• **Work request**: Using the records below, output the stretch that opens with the line containing "How many small residential areas are there?" and closes with the line containing "Is there a medium building", exactly and including both lines, with nothing more.

Stored entries:
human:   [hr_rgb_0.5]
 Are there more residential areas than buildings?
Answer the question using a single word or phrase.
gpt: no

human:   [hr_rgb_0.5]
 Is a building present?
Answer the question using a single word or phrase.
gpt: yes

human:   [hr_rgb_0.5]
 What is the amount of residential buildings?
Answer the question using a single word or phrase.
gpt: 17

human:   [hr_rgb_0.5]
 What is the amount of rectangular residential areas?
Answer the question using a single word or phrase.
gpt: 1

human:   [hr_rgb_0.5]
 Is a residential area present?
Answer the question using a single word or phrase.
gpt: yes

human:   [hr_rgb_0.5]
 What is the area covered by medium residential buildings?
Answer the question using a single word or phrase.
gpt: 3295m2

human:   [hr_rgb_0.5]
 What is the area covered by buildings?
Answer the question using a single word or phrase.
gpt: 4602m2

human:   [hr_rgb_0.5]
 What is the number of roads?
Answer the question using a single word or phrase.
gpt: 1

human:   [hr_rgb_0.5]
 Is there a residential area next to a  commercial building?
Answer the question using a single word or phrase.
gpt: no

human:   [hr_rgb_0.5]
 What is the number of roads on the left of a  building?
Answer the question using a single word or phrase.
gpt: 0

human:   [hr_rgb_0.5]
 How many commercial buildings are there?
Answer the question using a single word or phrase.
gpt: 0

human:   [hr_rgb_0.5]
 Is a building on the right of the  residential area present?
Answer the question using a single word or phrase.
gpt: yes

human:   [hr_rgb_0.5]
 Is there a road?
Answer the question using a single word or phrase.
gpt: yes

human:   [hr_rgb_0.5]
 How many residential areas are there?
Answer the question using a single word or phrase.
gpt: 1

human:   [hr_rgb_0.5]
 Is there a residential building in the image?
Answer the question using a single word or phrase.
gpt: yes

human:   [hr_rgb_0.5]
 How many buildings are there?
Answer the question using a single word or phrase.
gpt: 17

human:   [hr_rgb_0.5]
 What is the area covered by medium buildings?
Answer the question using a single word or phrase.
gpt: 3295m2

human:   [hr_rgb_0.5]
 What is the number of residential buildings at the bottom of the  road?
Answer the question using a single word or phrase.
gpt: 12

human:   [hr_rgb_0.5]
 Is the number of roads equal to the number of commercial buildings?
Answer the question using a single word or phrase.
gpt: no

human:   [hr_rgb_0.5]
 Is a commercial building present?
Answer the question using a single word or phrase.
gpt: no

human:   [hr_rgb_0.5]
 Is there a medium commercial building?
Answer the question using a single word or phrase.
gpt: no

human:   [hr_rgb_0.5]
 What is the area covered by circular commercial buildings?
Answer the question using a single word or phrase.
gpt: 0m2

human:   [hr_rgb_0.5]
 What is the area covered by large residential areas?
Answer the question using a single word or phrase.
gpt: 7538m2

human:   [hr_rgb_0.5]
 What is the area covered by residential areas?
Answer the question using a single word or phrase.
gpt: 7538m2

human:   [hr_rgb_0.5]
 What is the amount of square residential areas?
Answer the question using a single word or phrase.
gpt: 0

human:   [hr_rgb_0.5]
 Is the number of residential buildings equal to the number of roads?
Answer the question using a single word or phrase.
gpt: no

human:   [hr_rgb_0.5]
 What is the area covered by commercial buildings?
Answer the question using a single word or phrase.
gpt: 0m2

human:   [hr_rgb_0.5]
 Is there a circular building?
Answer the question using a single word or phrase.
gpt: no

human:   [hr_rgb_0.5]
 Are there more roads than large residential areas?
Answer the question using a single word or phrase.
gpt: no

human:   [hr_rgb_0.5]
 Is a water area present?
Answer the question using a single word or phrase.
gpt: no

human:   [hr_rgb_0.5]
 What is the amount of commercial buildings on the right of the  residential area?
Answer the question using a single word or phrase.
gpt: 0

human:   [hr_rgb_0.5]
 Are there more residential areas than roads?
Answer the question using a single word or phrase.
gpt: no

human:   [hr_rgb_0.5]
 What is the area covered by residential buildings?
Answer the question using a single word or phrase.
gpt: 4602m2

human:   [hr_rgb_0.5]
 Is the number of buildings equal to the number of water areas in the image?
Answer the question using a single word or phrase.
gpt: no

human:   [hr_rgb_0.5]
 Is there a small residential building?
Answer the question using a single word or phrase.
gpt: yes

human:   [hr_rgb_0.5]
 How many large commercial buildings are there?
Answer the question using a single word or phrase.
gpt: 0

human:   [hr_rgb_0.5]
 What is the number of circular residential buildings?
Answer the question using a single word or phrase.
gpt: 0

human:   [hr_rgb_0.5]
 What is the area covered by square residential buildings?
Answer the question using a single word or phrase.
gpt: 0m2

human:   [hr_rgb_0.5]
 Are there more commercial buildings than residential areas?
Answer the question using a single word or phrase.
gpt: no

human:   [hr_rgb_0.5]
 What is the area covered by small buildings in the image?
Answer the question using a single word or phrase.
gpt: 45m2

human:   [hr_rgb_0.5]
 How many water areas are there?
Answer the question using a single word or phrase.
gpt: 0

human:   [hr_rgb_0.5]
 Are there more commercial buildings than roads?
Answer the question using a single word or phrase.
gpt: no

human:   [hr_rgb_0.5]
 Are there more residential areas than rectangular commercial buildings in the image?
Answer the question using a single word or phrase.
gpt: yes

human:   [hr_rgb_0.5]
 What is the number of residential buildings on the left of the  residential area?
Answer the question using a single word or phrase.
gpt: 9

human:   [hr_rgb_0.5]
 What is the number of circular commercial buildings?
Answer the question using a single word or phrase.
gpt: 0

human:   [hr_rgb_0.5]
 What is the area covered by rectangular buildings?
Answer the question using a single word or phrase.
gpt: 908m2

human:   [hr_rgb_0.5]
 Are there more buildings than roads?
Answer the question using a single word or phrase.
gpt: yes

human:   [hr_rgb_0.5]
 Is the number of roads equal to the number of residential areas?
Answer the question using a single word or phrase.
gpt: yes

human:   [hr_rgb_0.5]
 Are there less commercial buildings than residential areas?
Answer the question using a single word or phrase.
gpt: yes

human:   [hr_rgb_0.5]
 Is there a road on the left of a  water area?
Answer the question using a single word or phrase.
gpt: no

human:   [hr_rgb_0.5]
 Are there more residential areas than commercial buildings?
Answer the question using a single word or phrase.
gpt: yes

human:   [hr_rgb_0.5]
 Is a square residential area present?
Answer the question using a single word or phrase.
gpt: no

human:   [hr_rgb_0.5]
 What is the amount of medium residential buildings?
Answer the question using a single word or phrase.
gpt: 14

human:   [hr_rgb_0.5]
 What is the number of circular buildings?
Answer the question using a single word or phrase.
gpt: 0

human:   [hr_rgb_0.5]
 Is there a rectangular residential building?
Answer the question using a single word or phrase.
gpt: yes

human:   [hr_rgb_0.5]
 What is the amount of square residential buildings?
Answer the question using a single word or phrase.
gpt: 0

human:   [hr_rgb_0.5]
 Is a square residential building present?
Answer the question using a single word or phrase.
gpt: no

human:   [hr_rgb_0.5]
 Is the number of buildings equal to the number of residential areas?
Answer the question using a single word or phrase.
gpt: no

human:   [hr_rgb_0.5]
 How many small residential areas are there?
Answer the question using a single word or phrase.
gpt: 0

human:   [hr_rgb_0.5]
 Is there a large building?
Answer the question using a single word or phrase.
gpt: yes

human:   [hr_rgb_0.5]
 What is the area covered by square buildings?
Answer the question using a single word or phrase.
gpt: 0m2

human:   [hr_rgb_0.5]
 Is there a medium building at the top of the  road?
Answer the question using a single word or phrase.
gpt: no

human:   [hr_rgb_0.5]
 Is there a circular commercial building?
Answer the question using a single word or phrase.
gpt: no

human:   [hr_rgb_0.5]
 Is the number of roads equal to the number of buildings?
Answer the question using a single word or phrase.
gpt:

• **Response to this task**:
 How many small residential areas are there?
Answer the question using a single word or phrase.
gpt: 0

human:   [hr_rgb_0.5]
 Is there a large building?
Answer the question using a single word or phrase.
gpt: yes

human:   [hr_rgb_0.5]
 What is the area covered by square buildings?
Answer the question using a single word or phrase.
gpt: 0m2

human:   [hr_rgb_0.5]
 Is there a medium building at the top of the  road?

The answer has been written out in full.